温诗吟的心猛地一沉:“让宋言修接电话。”
“宋哥陪我家亲戚谈生意,喝多了,刚睡着。”林筱婷的声音带着得意的慵懒,“嫂子,你都这个年纪了,该懂点事。男人在外打拼不容易,你别总是小题大做地打扰。”
温诗吟握紧手机,指节发白:“林筱婷,我再说最后一遍——让、宋、言、修、接、电、话!”

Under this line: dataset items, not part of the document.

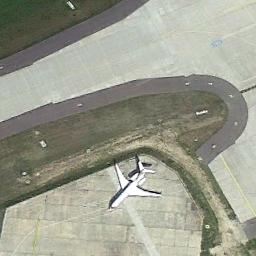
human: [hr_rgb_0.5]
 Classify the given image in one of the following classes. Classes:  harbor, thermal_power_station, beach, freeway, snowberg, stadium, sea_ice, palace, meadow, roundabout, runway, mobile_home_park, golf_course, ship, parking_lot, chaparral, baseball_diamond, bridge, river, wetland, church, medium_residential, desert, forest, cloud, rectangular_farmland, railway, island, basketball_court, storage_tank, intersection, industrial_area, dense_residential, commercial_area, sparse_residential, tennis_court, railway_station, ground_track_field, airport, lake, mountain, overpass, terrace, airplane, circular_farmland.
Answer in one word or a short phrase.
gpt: airplane
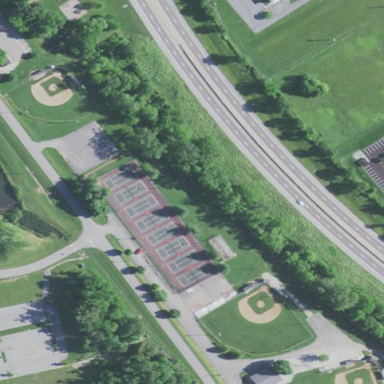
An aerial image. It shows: Recreation ground that serves as park.
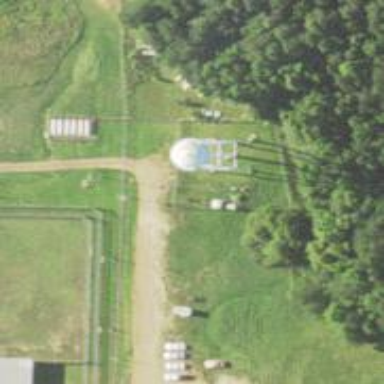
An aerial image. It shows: Water tower that is man-made.
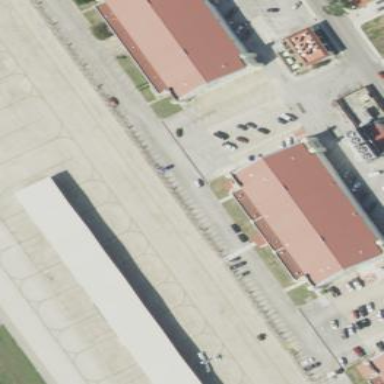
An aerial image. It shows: Airport hangar.
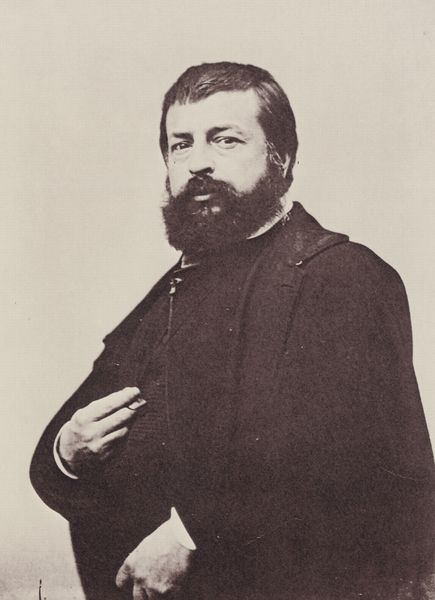
Titel: Jean Louis Ernest Meissonnier
Künstler: Atelier Nadar
Institution: unbekannt
Schlagwörter: dunkel, hand, kopf, mann, umhang, weiß, gelb, finger, frisur, geste, grau, haar, hintergrund, mund, nase, ohr, schwarz, stirn, blick, beige, bart, hemd, jacke, schnurrbart, augen, gesicht, kleidung, kragen, stehen, vollbart, bildnis, herr, hände, portrait, porträt, auge, geistlicher, haare, mantel, schnur, schnüre, stehend, augenbrauen, knopf, lippe, lippen, ohren, schulter, wangen, haltung, creme, kette, monochrom, vergilbt, ausdruck, sepia, dick, füllig, ernst, brauen, pupillen, uhr, bauch, augenbraue, knöpfe, revers, tränensäcke, weste, ring, foto, fotografie, photographie, schwarzweiss, scharz, brille, ketten, backenbart, orden, bekleidung, photo, uhrenkette, gekämmt, halbfigurig, halbprofil, untersicht, priester, segen, mönch, beleibt, taschenuhr, cape, erinnerung, fotographie, aufnahme, unterlippe, fot, standbild, kapuze, professor, geischt, formatfüllend, nadar, fingerhut, courbet, öse, wollmantel, handhaltung, kete, augenfalten, portrt, porträt mann fotografie, mantels, manzel, fingerschutz, fingerkappe
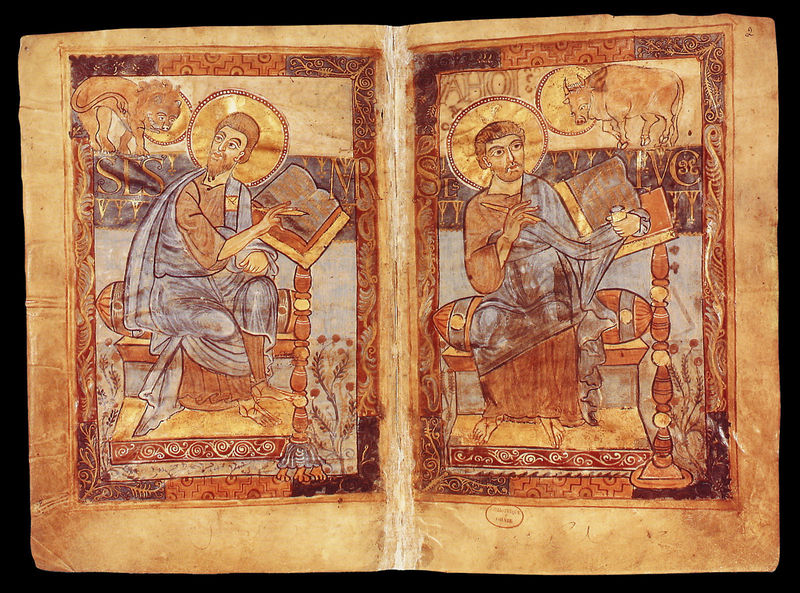
Titel: Godescalc Evangelistar
Standort: Herkunftsort: Aachen (EU - D)
Institution: Paris, Bibliothèque Nationale
Schlagwörter: stuhl, bibel, geistlicher, gold, schreibtisch, kuh, buch, heiligenschein, löwe, heilig, ochse, stier, markus, evangeliar, rond, lkas, kojiä
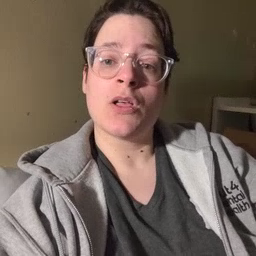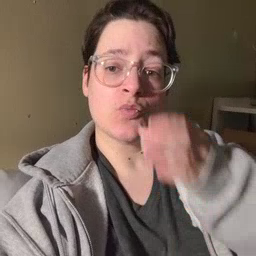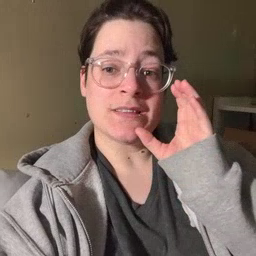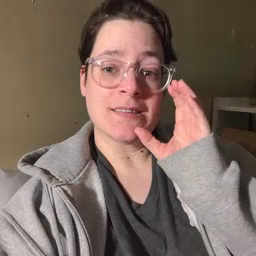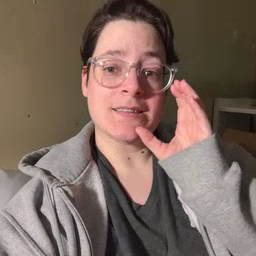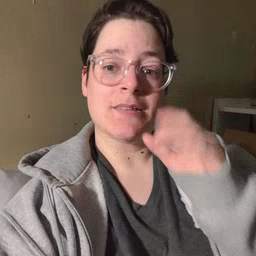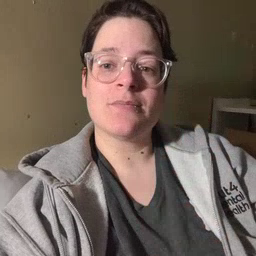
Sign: drink
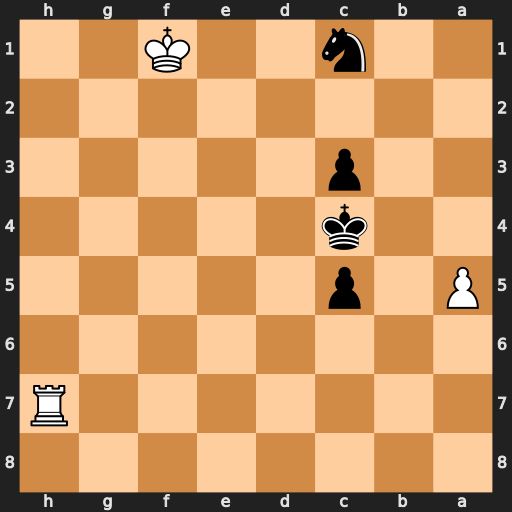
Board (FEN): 8/7R/8/P1p5/2k5/2p5/8/2n2K2
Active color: b
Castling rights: -
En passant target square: -
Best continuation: c2 Rh2 Ne2 Rxe2 c1=Q+

电话那头突然传来窸窸窣窣的声响,接着是一个模糊的男声,带着浓浓的睡意:“筱婷...这么晚谁啊...”
这声音——温诗吟浑身血液都凝固了。
结婚七年,她太熟悉这个声音了,哪怕带着睡意,也绝不会认错。
“没什么~”林筱婷的声音突然变得娇媚,“打错的。你快睡吧...”
但男人似乎醒了,声音清晰了几分:“筱婷,过来...”
接着是一阵让人脸红的亲吻声,林筱婷娇笑着:“别闹...电话还没挂...”
“管他呢。”
男人的声音带着慵懒的磁性,“这么晚不会是什么重要电话。”
温诗吟猛地掐断了电话。
走廊里的白炽灯发出嗡嗡的电流声,刺得她太阳穴突突地跳。她扶着冰冷的墙壁,胃里一阵翻江倒海。
原来所谓的“谈生意”,谈到了同一张床上。
原来她在这里守着生命垂危的儿子,他在那里温香软玉在怀。
温诗吟缓缓蹲下身,把脸埋进膝盖。
没有眼泪,只有一种彻骨的寒冷,从心脏开始,一点点冻结她的血液、她的骨髓、她的灵魂。
回到病房时,宋念安还在沉睡。
温诗吟坐在床边,借着窗外微弱的路灯光,仔细端详儿子的脸——那眉眼,那鼻梁,活脱脱就是宋言修的翻版。
曾经,这是她最爱看的模样。
如今,却成了最刺心的讽刺。
天快亮时,宋念安终于醒了。孩子虚弱地睁开眼,看到妈妈,小嘴一瘪就要哭:“妈妈...头好痛...”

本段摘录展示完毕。